C’è anche il fatto che in Italia il musicista, o chi lavora come artista, non viene visto come lavoro.
“Si, ti chiedono: “Ok, ma che lavoro fai davvero?”. Sembra un hobby quello di fare il musicista, mentre per chi ne ha fatto una professione farsi il mazzo è necessario: puoi pagare un sacco di contributi, ma se non raggiungi i giorni lavorativi non riscatti quello che hai pagato”.

Nei periodi di crisi agli artisti viene chiesto di esprimersi per far stare meglio tutti, ma poi l’arte viene difficilmente sostenuta dopo.
“Esatto: quanta musica si è consumata nel lockdown che ha fatto in modo che la gente non andasse fuori di testa? Poi noi però non esistiamo come categoria, ed è una cosa un po’ fastidiosa”.

Parliamo un attimo di Prato, perché tu arrivi in città con “Ho visto Faber volare”.
“Si: si chiama esattamente “Ho visto Faber volare e altre storie”, perché in realtà una parte dello spettacolo è dedicata a Fabrizio, ma poi ci sono anche miei pezzi e l’ultima parte è dedicata a “La mia generazione”, il mio ultimo disco e tributo agli anni ‘90 con pezzi dei Bluvertigo, Cristina Donà e Marco Parente”.

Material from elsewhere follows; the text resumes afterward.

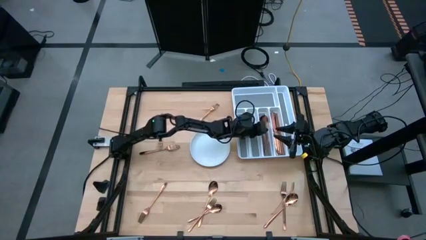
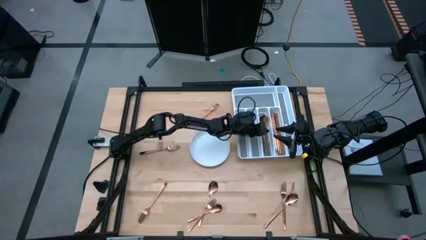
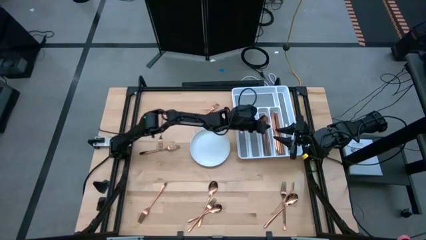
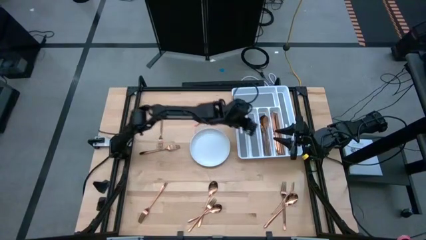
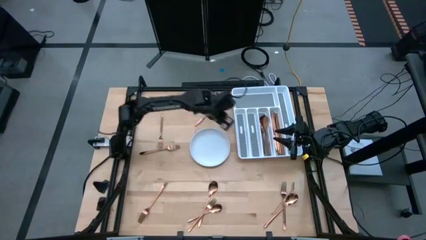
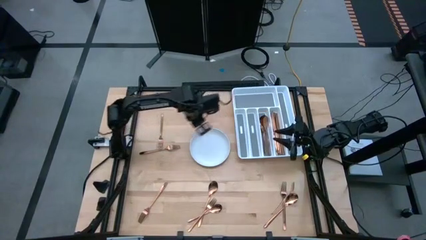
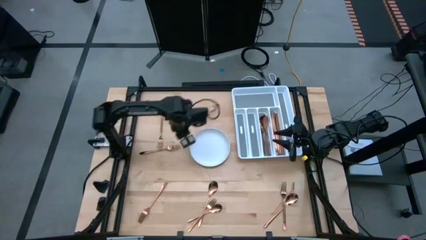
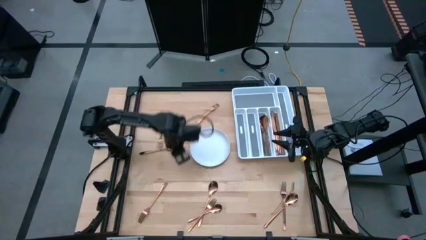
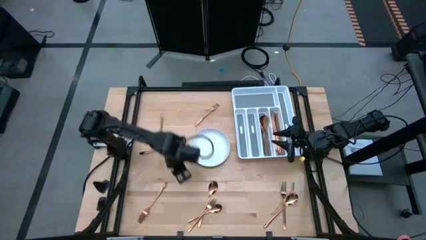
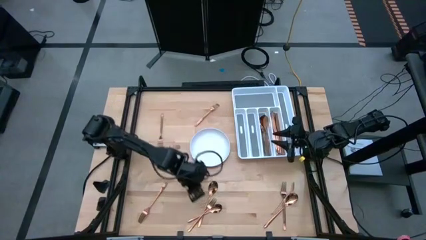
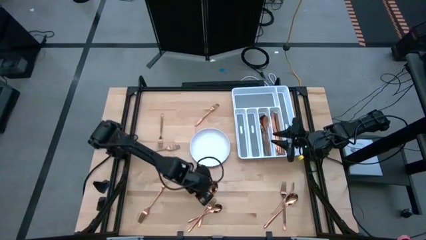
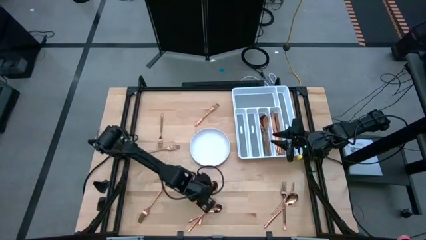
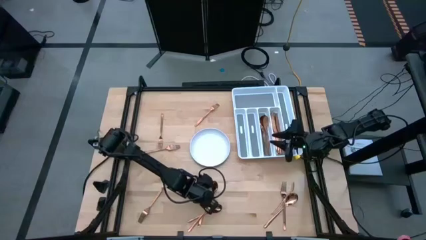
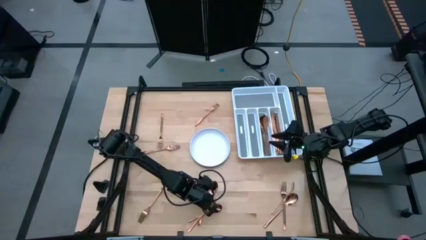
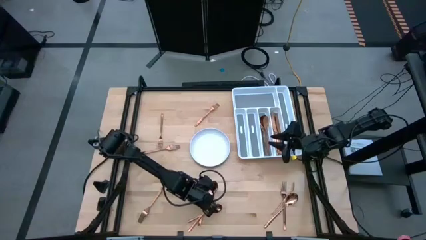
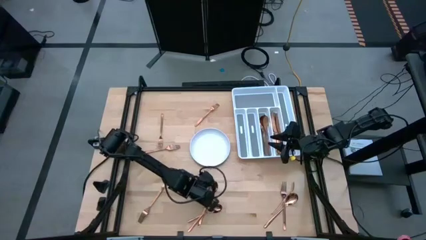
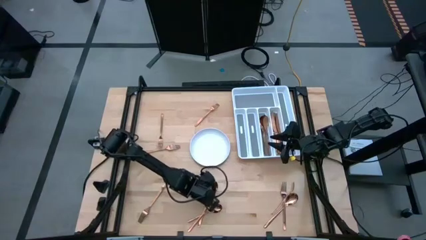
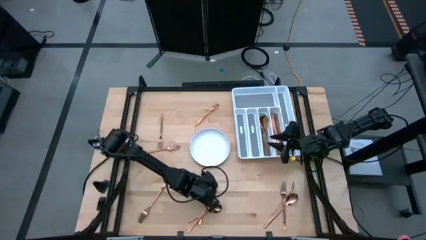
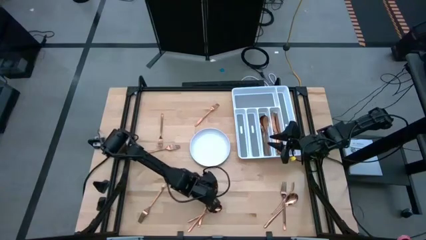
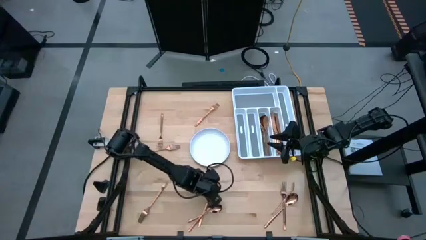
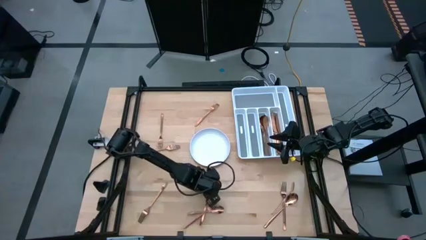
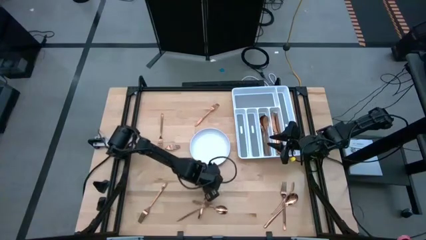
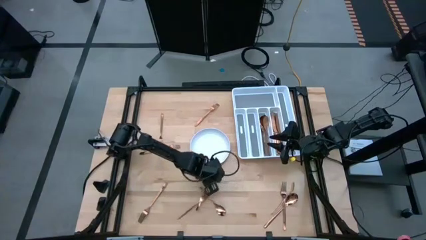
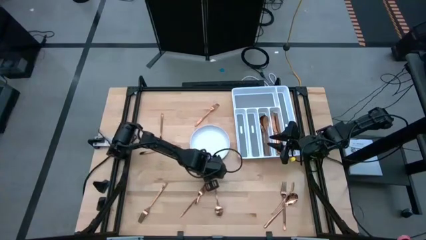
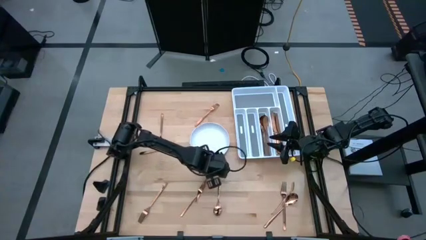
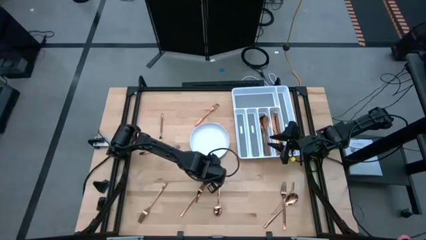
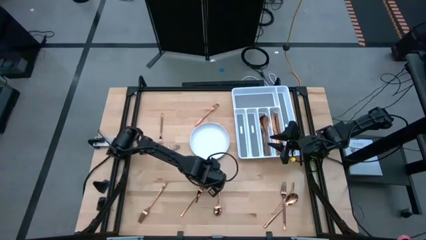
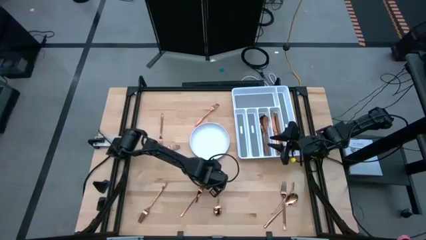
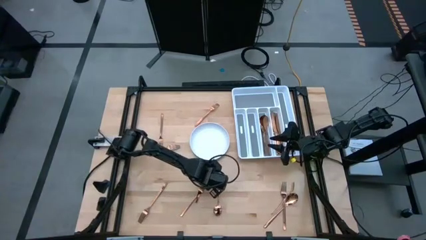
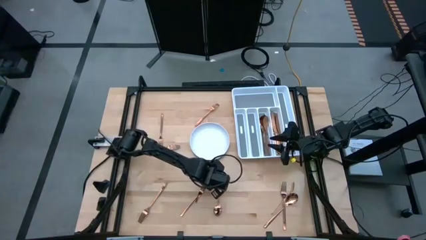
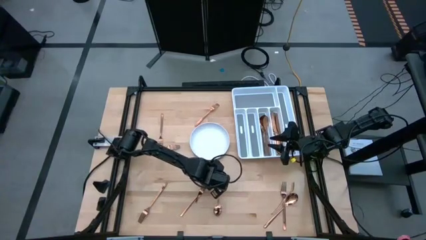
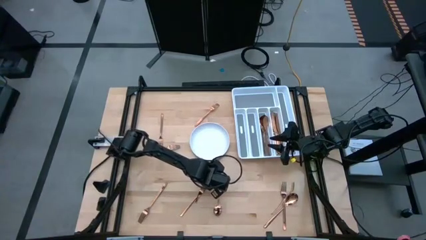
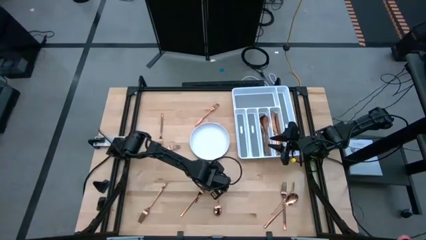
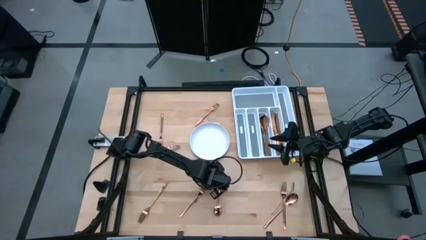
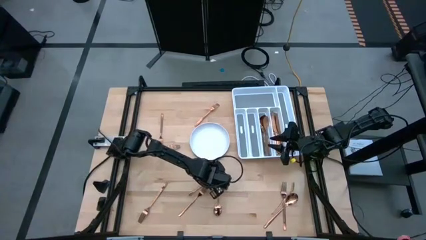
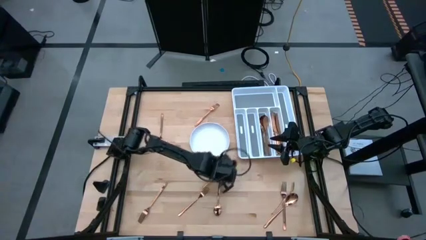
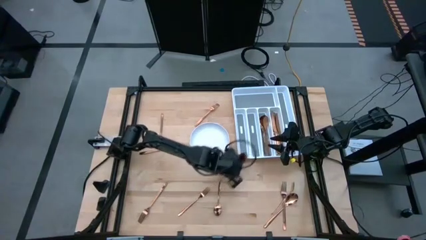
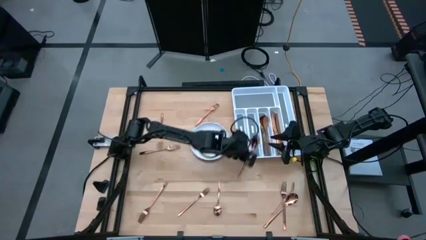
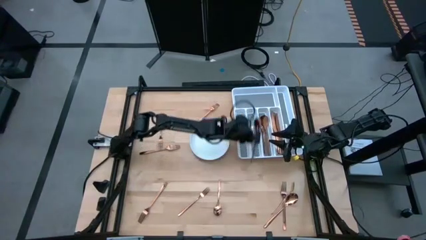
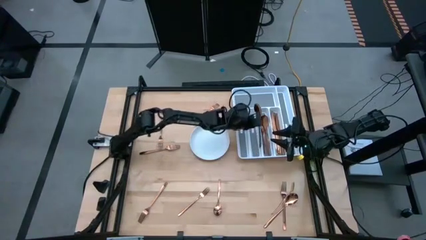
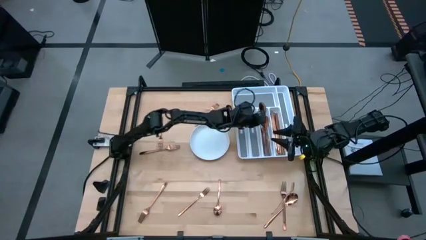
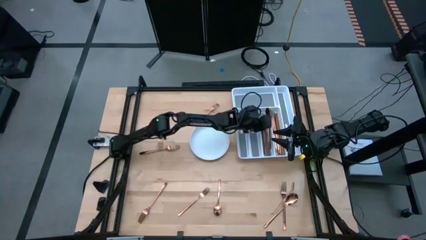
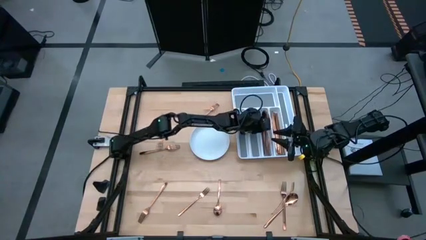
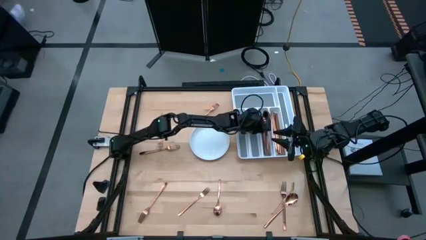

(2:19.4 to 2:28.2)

Come si legano tutte queste parti dello spettacolo? C’è un filo conduttore o sono proprio tre parti distinte della serata?
“Si legano perché in realtà ho sempre nutrito sia la mia anima d’autore e compositore che quella da interprete, sin da quando ho iniziato a cantare. Ho lavorato tantissimo sull’espressione e come riprendere un pezzo di un altro artista, come è successo in “La mia generazione”, il nuovo disco: se avessi voluto fare un disco di cover ci avrei messo 10 giorni, se avessi voluto fare un disco di inediti ci avrei messo 8 mesi, per fare questo disco ci ho messo un anno e mezzo. Anche quando faccio un pezzo di un altro, e odio chiamarlo cover, c’è un lavoro enorme dietro: dalla ricerca dei brani con i testi che più mi calzano, ricucire tutto l’arrangiamento e la partitura musicale…rifare il pezzo uguale non è arte, fai cover band. La reinterpretazione di un certo spessore prevede che tu mantenga lo spirito originale ma ne faccia una versione tua, come se fosse un brano scritto da te, dandogli nuova vita e rispettando l’originale. E’ un lavoro molto delicato e molto importante, e anche i pezzi di Fabrizio che farò hanno un sapore un po’ morriconiano. Questo è quello che lega le varie fasi dello spettacolo”.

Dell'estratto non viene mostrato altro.